_EXERCISE INSTRUCTIONS_
Because the pictures are not wanted, give back only the exact text of every entry below.

***** PROVIDED DATA

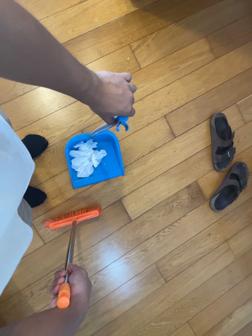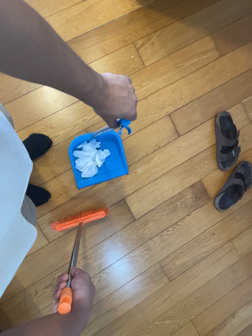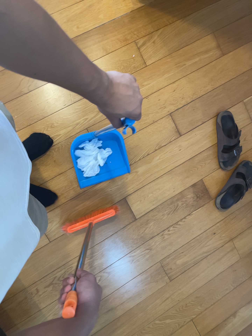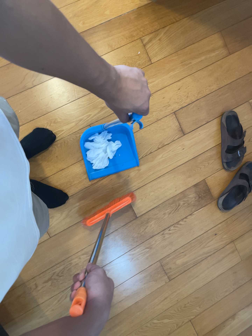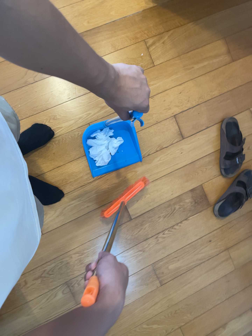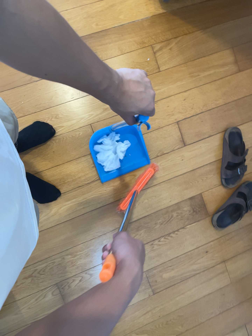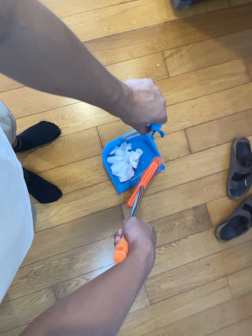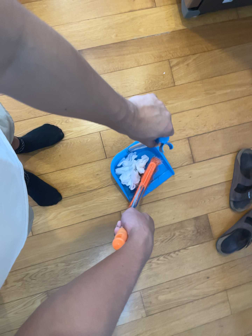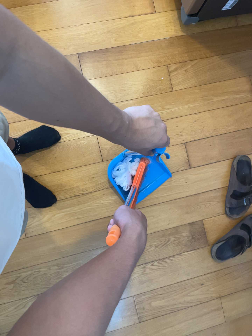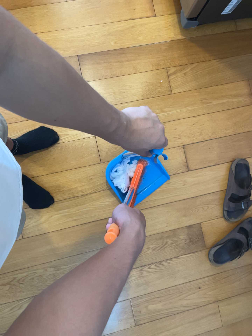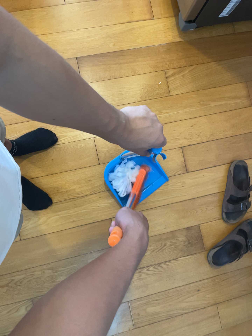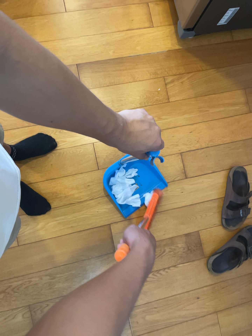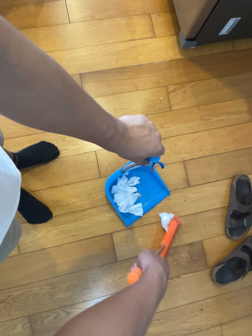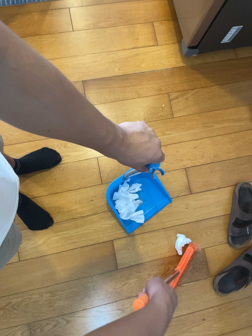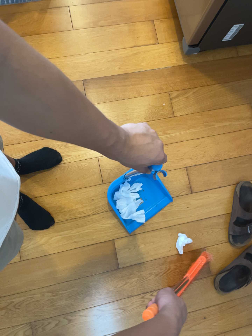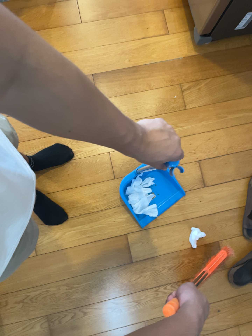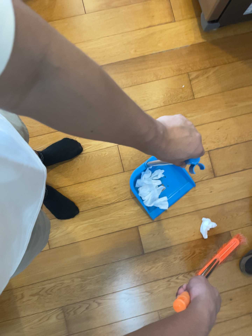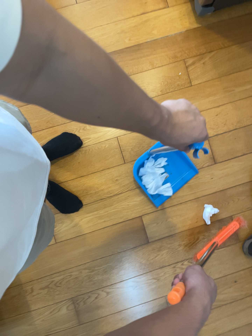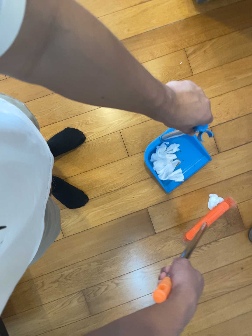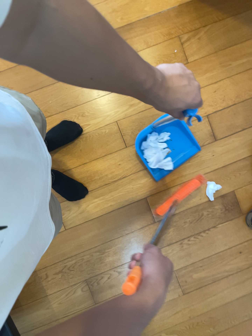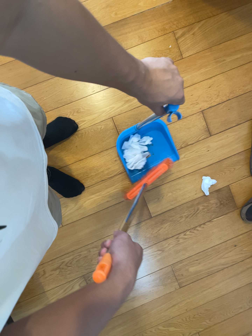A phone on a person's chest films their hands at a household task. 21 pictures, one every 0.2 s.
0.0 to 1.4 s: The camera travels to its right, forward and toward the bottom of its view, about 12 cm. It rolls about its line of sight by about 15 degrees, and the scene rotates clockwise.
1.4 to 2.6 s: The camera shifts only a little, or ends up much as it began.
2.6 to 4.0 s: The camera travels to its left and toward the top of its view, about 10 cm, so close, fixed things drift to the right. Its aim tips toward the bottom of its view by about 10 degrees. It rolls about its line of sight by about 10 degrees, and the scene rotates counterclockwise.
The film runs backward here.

**********

_EXERCISE SOLUTION_
A phone on a person's chest films their hands at a household task. 21 pictures, one every 0.2 s.
0.0 to 1.4 s: The camera travels to its right, forward and toward the bottom of its view, about 12 cm. It rolls about its line of sight by about 15 degrees, and the scene rotates clockwise.
1.4 to 2.6 s: The camera shifts only a little, or ends up much as it began.
2.6 to 4.0 s: The camera travels to its left and toward the top of its view, about 10 cm, so close, fixed things drift to the right. Its aim tips toward the bottom of its view by about 10 degrees. It rolls about its line of sight by about 10 degrees, and the scene rotates counterclockwise.
The film runs backward here.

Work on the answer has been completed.